Had to go back even farther.

$ python manage.py makemigrations --name PeakGroupSet DataRepo
Migrations for 'DataRepo':
  DataRepo/migrations/0002_PeakGroupSet.py
    - Create model Animal
    - Create model MSRun
    - Create model PeakGroupSet
    - Create model Protocol
    - Create model Study
    - Create model Tissue
    - Alter field hmdb_id on compound
    - Create model Sample
    - Create model PeakGroup
    - Create model PeakData
    - Add field protocol to msrun
    - Add field sample to msrun
    - Add field studies to animal
    - Add field tracer_compound to animal
    - Create constraint unique_peakgroup on model peakgroup
    - Create constraint unique_peakdata on model peakdata
    - Create constraint unique_msrun on model msrun

Adding any non-nullable foreign key can be an issue, migration wise. Not certain of the best approach, and this may certainly come up again with Animal.treatment

lparsons commented 3 years ago

Any reason not to regenerate the migrations completely at this point?
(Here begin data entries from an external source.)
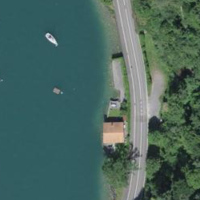
EUNIS habitat code: 14
Species observed at this site:
Aythya fuligula
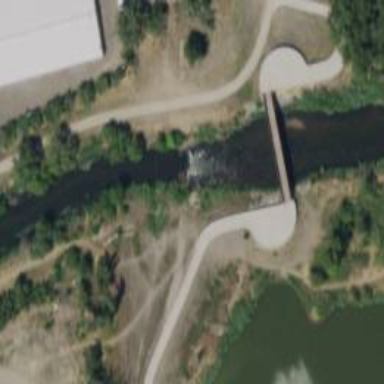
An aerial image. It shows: Weir in waterway.
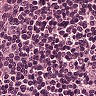
Metastatic tissue present: no
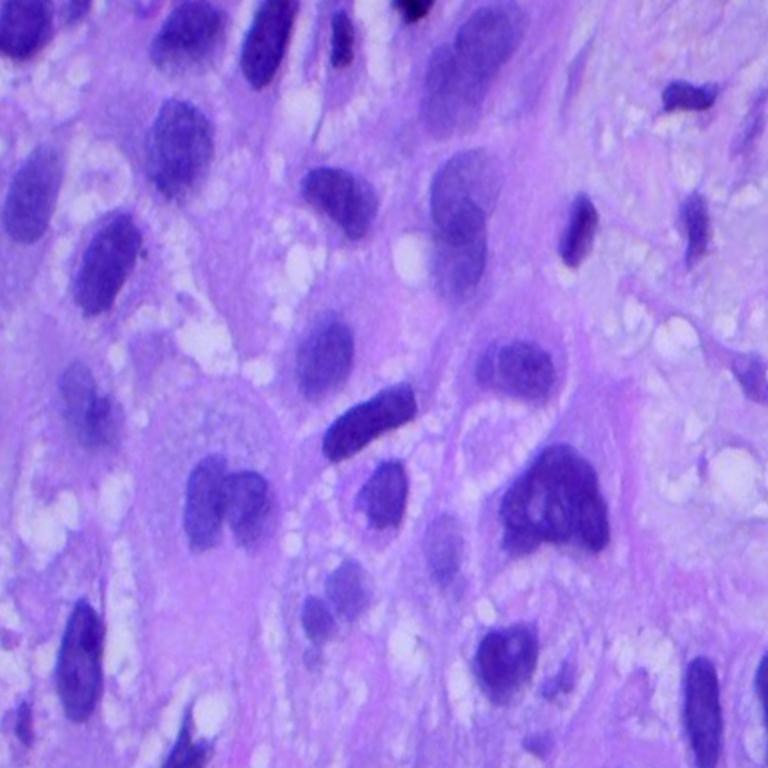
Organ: lung
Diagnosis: squamous carcinomas
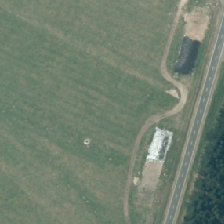
Land cover: high_producing_grassland
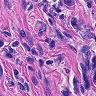
Metastatic tissue present: yes
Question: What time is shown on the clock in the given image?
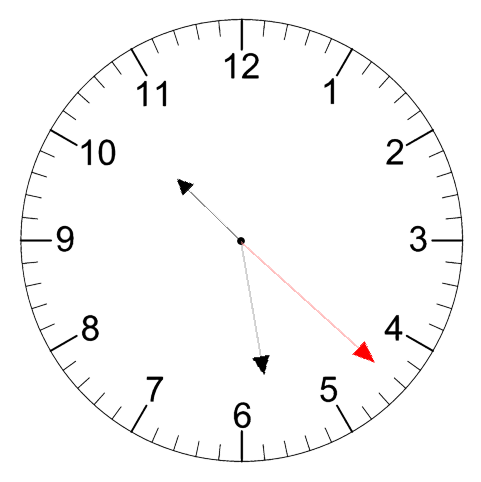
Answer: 10:28:22
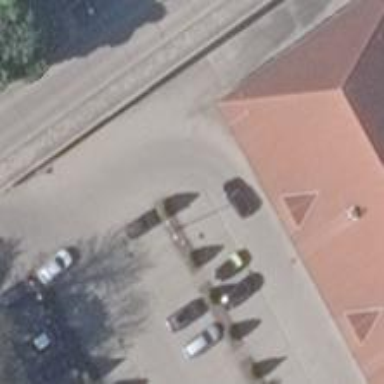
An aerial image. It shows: Paved parking aisle serving as service road.
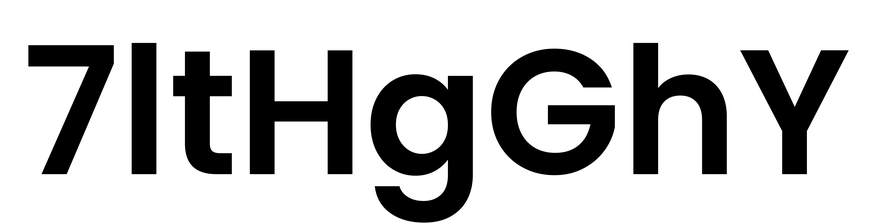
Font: Poppins-SemiBold
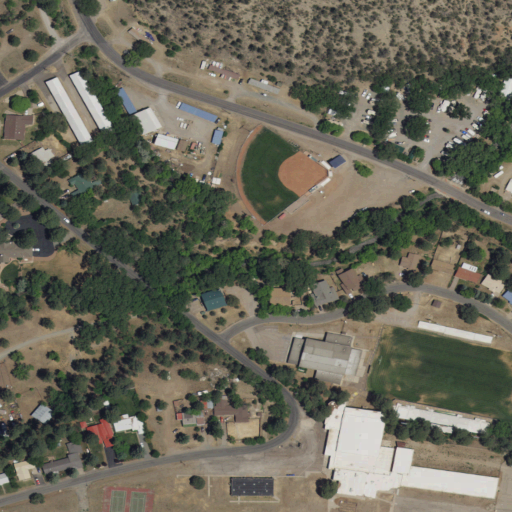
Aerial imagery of valley in New Mexico named Gavilan Canyon containing evergreen forest, open development, low intensity development, medium intensity development, shrub, and high intensity development
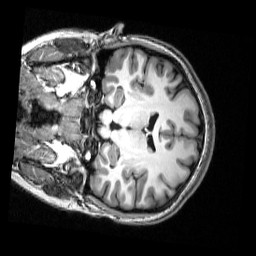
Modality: T1w
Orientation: coronal
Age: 20
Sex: female
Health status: healthy
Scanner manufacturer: siemens
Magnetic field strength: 3 T
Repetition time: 2.53 s
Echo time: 0.00339 s
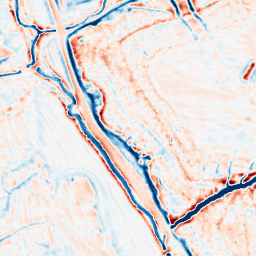
Category: edge_preserving
Decomposition family: bilateral
Decomposition parameters: d: 15
sigma_color: 150
sigma_space: 100
Upsampling method: bilinear
Upsampling parameters: scale: 4
Upsampling scale: 4
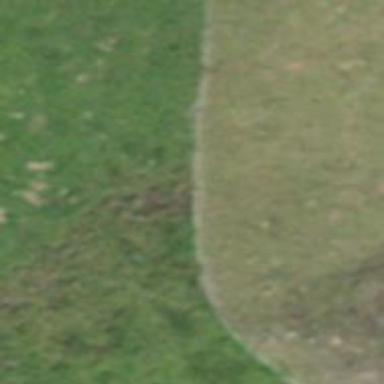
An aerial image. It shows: Fence.
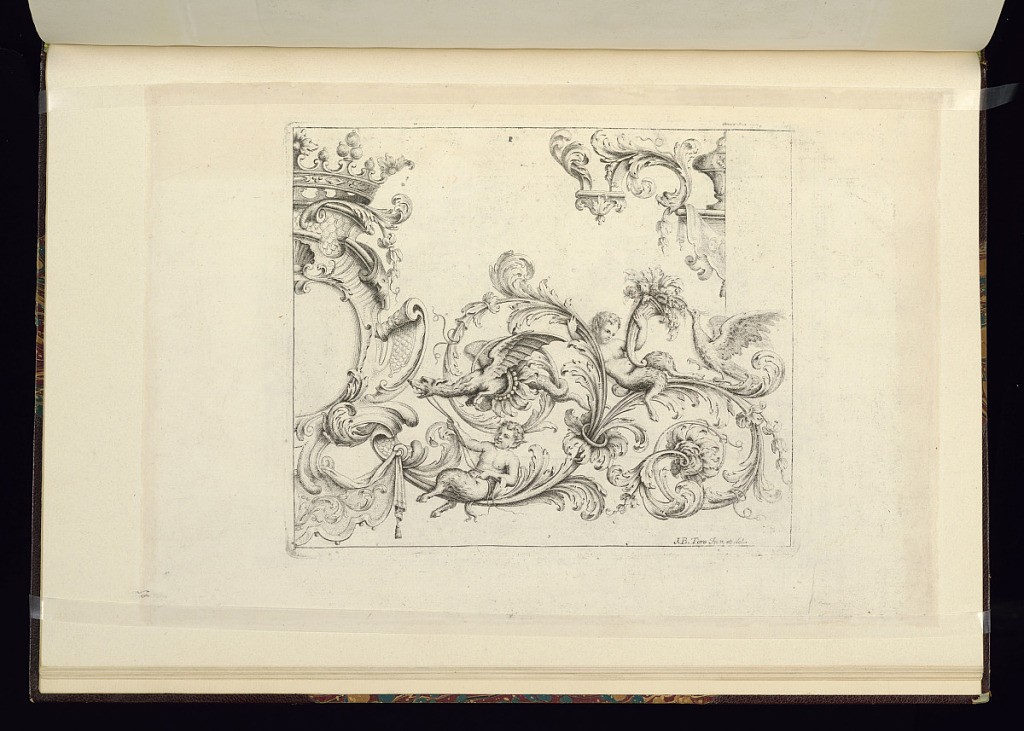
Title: Ornament Designs
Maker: Jean-Bernard Turreau, French, 1672 - 1731
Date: early 18th century
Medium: Etching on laid paper
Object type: Print
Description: Ornament designs with a crowned cartouche featuring foliate scrolls, scrolling leaves (rinceaux), rosettes, fleurons, putti/fauns, cornucopia with flowers, draped textiles, vase, dragon, fluting, shell, and fish scale motifs. The plate is signed.
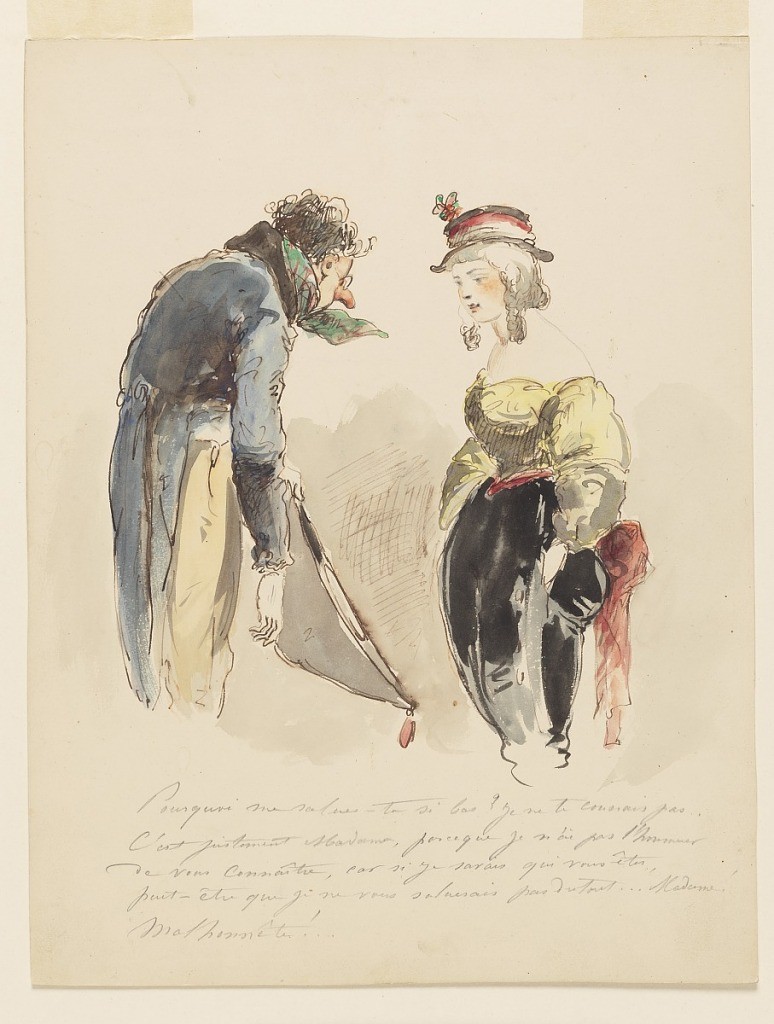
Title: The Salutation at the Masquerade
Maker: Edouard de Beaumont, French, 1821 - 1888
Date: ca. 1860
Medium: Pen and ink, brush and watercolor on bristol board
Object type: Drawing
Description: Vertical rectangle. Two figures engaged in conversation. Woman at right in a hat with red and green trimming, wearing a yellow blouse and black bloomers, is being addressed by a man in Directoire costume with a long red nose. Pen and ink transcription below.
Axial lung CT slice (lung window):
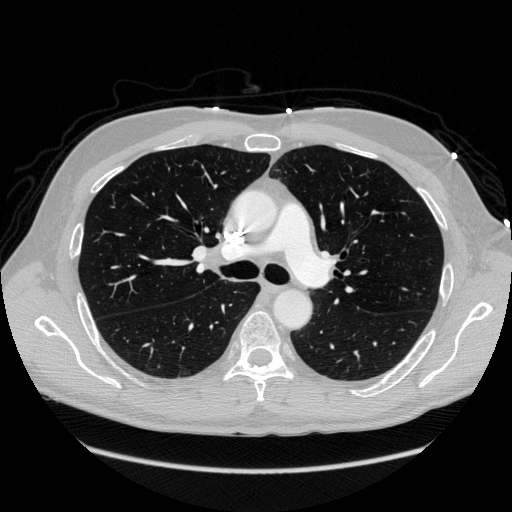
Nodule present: no
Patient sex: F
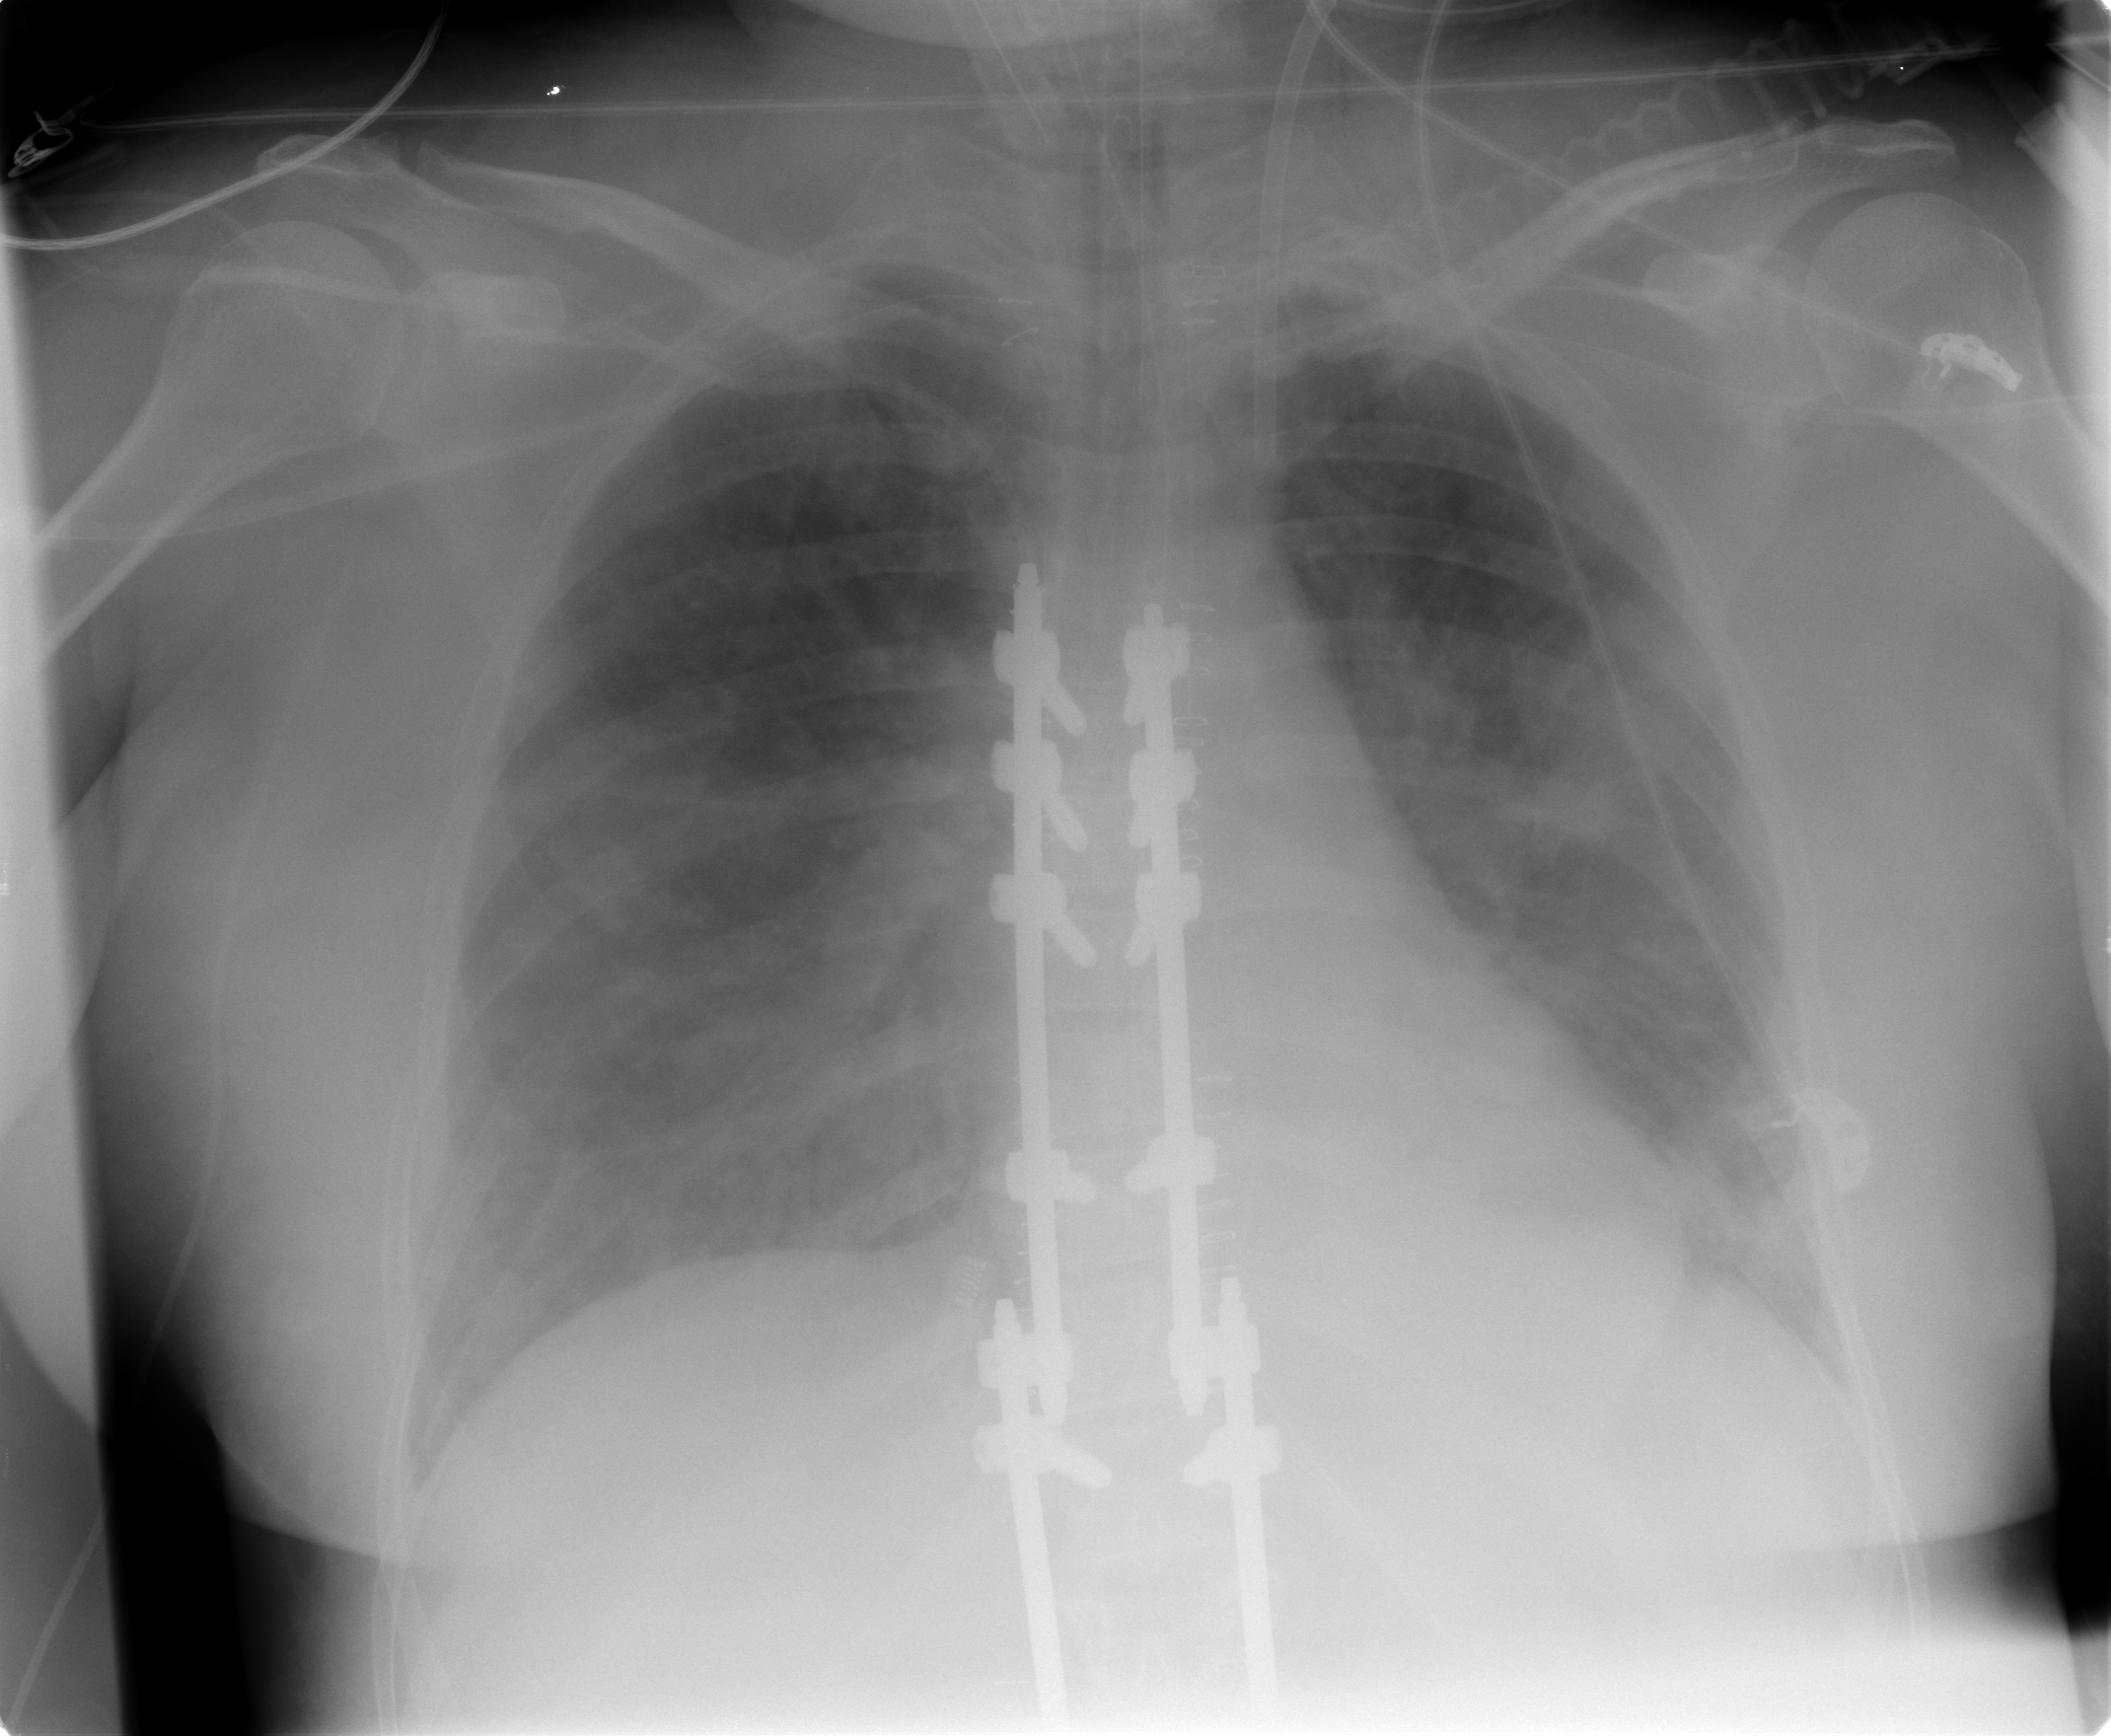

Going forward, if we have to do this with real data, we there needs to be a method to set the field (either default or by lookup).

jcmatese commented 3 years ago

We could regenerate completely, I suppose. The issue with these non-nullable foreign key additions is that you might first have to create the model (PeakGroupSet, migration no. 1 ). Then insert the initial default value (say filename=NA, possibly with migration no. 1). Then add the default to the dependent model (PeakGroup with that id=1 default, migration no. 2). At least, I think that is how you might have to do it, and that would see like a custom edited migration file, I think (because of the insert, and stepwise additions). I am just reverting back (above), because it doesn't really matter now, but if the database every had values we wanted to keep, we would have to figure out the appropriate protocol to pull this off.

lparsons commented 3 years ago

Good point, I do think they would require some custom migrations in order to be applied cleanly on top of existing records.

jcmatese commented 3 years ago

I ended up in kind of a mess. Had to drop the database and re-init, here. Wasn't what I intended, but that is what happened...

hepcat72 commented 3 years ago

Very good issue description and issue owner documentation! Clear, concise, and comprehensive.